Industry Attempts to Quash Effective Public Health Policy, a.k.a. Alcohol Taxes

April 24, 2015

Calls for state and federal alcohol tax increases, and new contributions to decades of research showing that higher taxes reduce harm, have met the usual industry tactics to distract, intimidate, and otherwise thwart efforts to implement even the smallest of alcohol tax increases. Alcohol industry lobbyists and PR spinners have been in full force to dominate public conversation about alcohol taxes in the U.S. For instance:

  • As it has done each year since 2009, beer producers such as A- B InBev and MillerCoors (with trade groups Beer Institute & Brewers Association) proposed cuts to the federal beer tax in 2015 to preempt any potential proposals to raise them. Aggressive lobbying to support alcohol tax reductions is ongoing. Meanwhile, the federal beer tax rate has lost 57% of its real value since last increased in 1991, costing the government billions in lost revenue each year.
  • A recent peer-reviewed study showed conclusive evidence that a modest alcohol tax increase in Illinois significantly reduced drink-driving fatalities, and suggested the potential for an alcohol tax increase to save thousands of lives nationwide. The Distilled Spirits Council of the United States (DISCUS) immediately deployed a panicked press release attempting discredit the evidence.
  • Industry trade groups immediately ran after a recent Washington Post post about how cheap alcohol has become (at its most affordable in more than 30 years), with their argument that Joe 6-pack couldn't afford his beer after a long workday if a modest tax increase were implemented. Yet recent research shows that the average moderate drinker would pay less than $30 per year under a 25-cent-per-drink tax increase. And if alcohol companies really cared about the financial life of regular Joes and Jills, why would they cut their jobs ?

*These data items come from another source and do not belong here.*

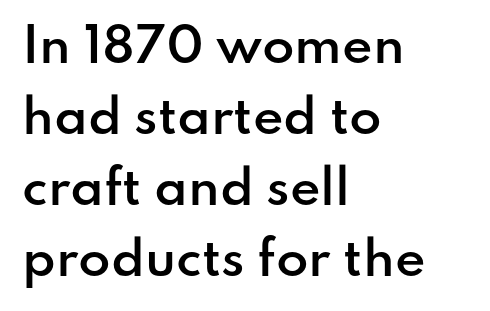
The image shows 47 px semibold sans-serif type, upright; set left-aligned, normal line spacing (1.51x), normal letter spacing, not underlined; low stroke contrast and a small x-height.
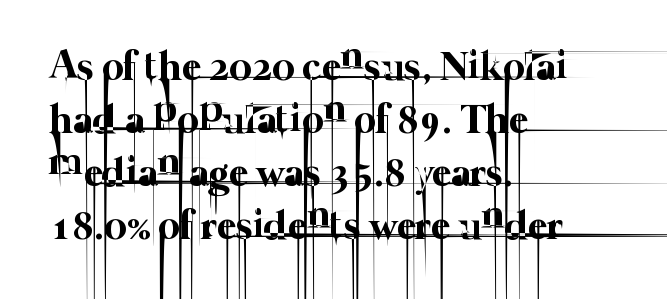
Q: Is the text bold? A: No.
Q: Is the text underlined? A: No.
Q: How is the paragraph aligned? A: Left-aligned.
Q: Is the spacing between letters normal or unusually wide? A: Normal.
Q: Is the spacing between lines tight, normal or loose? A: Normal.
Q: Width (condensed, normal, or wide)? A: Normal.
Q: Stroke contrast? A: Low.
Q: x-height? A: Medium.
Q: Monospaced? A: No.
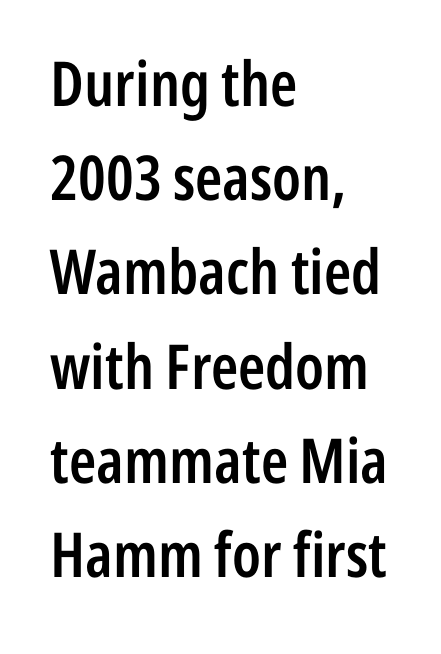
{"serif": "no", "italic": "no", "bold": "semi", "weight": "semibold", "width": "condensed", "stroke_contrast": "low", "x_height": "medium", "monospaced": "no", "underline": "no", "align": "left", "line_spacing": "normal", "line_spacing_ratio": 1.52, "letter_spacing": "normal", "letter_spacing_em": 0.0, "glyph_px": 62}
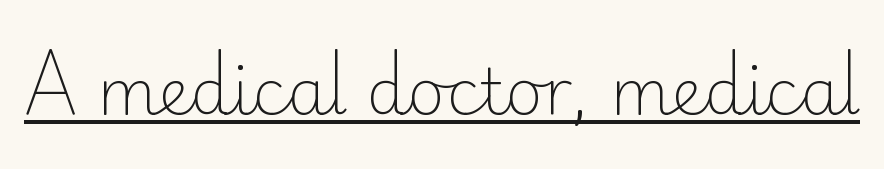
Compared with typical body copy, the letter spacing here is the same. Is there an underline? Yes — a line sits under the letters. A typesetter would label this face a sans. In terms of posture, this sample is upright.
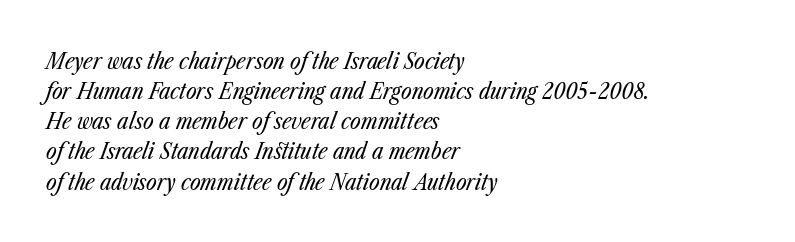
Q: Is the text bold? A: No.
Q: Is the text italic (slanted)? A: Yes, it leans right by about 23 degrees.
Q: Is the text underlined? A: No.
Q: How is the paragraph aligned? A: Left-aligned.
Q: Is the spacing between letters normal or unusually wide? A: Normal.
Q: Is the spacing between lines tight, normal or loose? A: Normal.
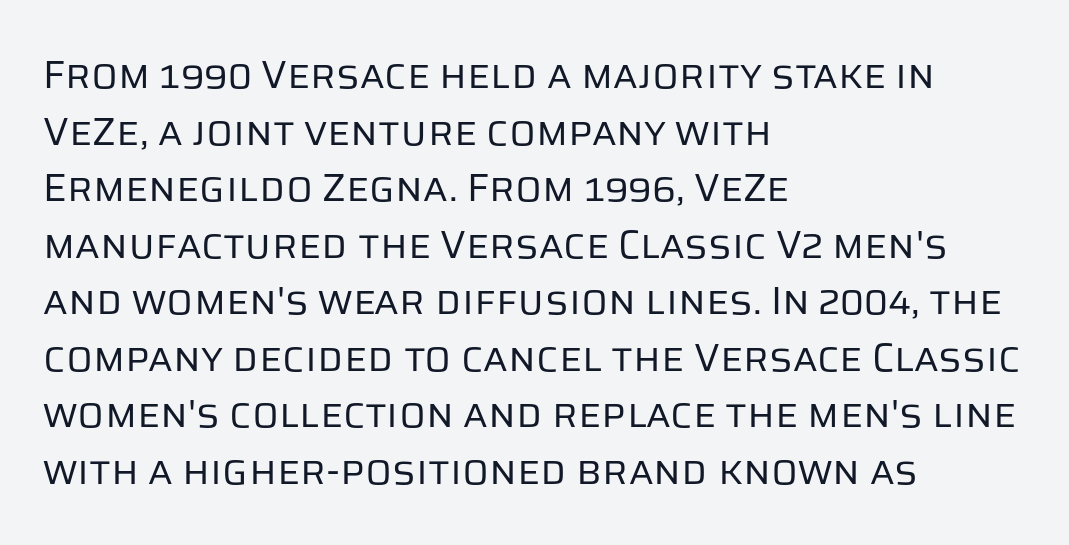
{"serif": "no", "italic": "no", "bold": "no", "weight": "regular", "width": "normal", "stroke_contrast": "low", "x_height": "large", "monospaced": "no", "underline": "no", "align": "left", "line_spacing": "normal", "line_spacing_ratio": 1.45, "letter_spacing": "normal", "letter_spacing_em": 0.0, "glyph_px": 39}
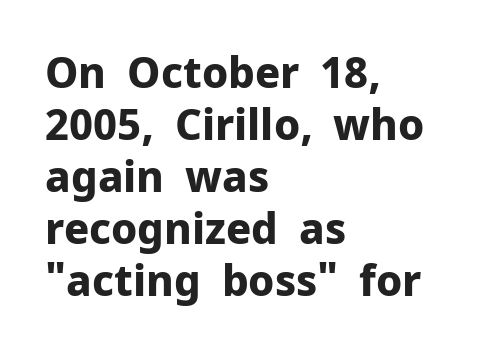
The image shows 42 px bold sans-serif type, upright; set left-aligned, line spacing 1.24x, normal letter spacing, not underlined; low stroke contrast and a medium x-height.
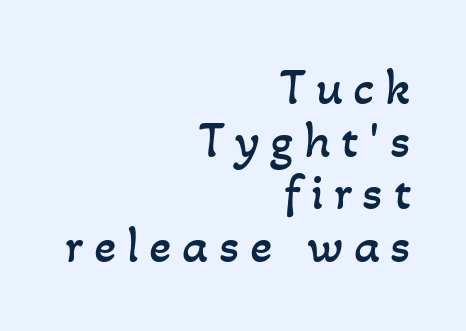
Q: Is the text bold? A: No.
Q: Is the text underlined? A: No.
Q: How is the paragraph aligned? A: Right-aligned.
Q: Is the spacing between letters normal or unusually wide? A: Unusually wide.
Q: Is the spacing between lines tight, normal or loose? A: Tight.
Q: Width (condensed, normal, or wide)? A: Normal.
Q: Stroke contrast? A: Low.
Q: x-height? A: Small.
Q: Monospaced? A: No.
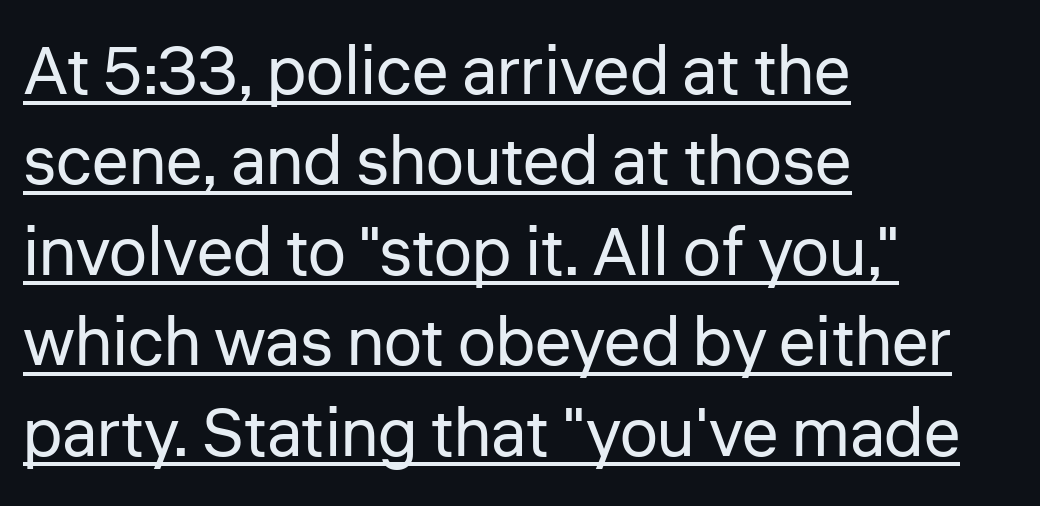
This is underlined copy, the kind a proofreader might mark for attention. Nobody touched the tracking dial on this one. Here the designer chose a conventional face with non-uniform glyph widths. The compositor pushed each line to the left boundary.
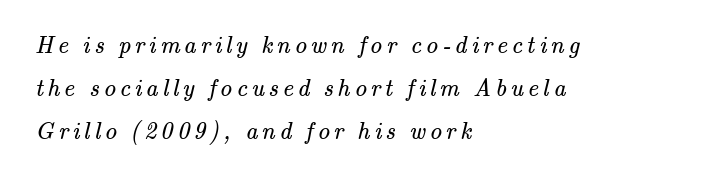
The image shows 24 px text type; set left-aligned, line spacing 1.79x, not underlined.
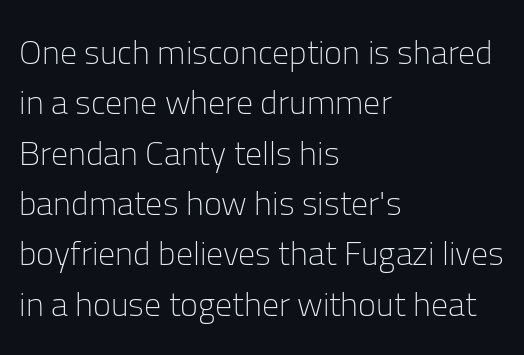
{"serif": "no", "italic": "no", "bold": "no", "weight": "light", "width": "normal", "stroke_contrast": "low", "x_height": "medium", "monospaced": "no", "underline": "no", "align": "left", "line_spacing": "normal", "line_spacing_ratio": 1.48, "letter_spacing": "normal", "letter_spacing_em": 0.0, "glyph_px": 34}
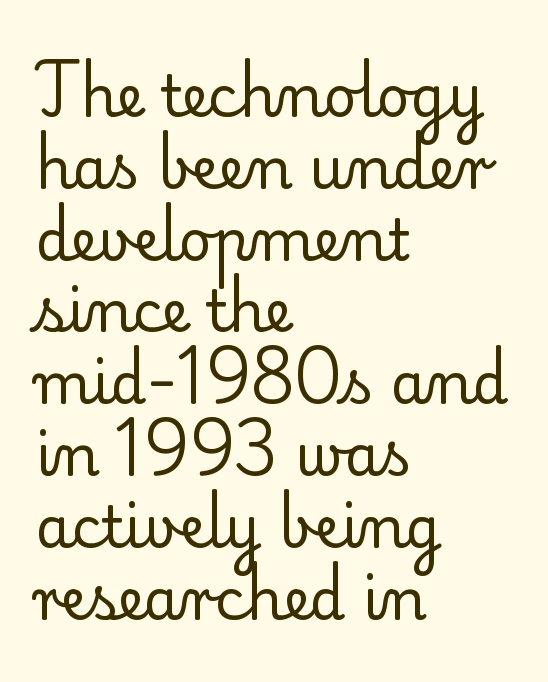
{"serif": "yes", "italic": "no", "bold": "no", "weight": "regular", "width": "normal", "stroke_contrast": "low", "x_height": "small", "monospaced": "no", "underline": "no", "align": "left", "line_spacing": "normal", "line_spacing_ratio": 1.26, "letter_spacing": "normal", "letter_spacing_em": 0.0, "glyph_px": 57}

These tactics are business as usual for Big Alcohol in its fight to keep alcohol taxes artificially low, despite conclusions from public health experts that raising the price of alcohol by raising taxes is an effective policy to increase health and safety. Meanwhile taxpayers, the government, and families continue to bear the economic burden from alcohol-related harm, estimated at $223.5 billion annually and $94 billion in direct government costs.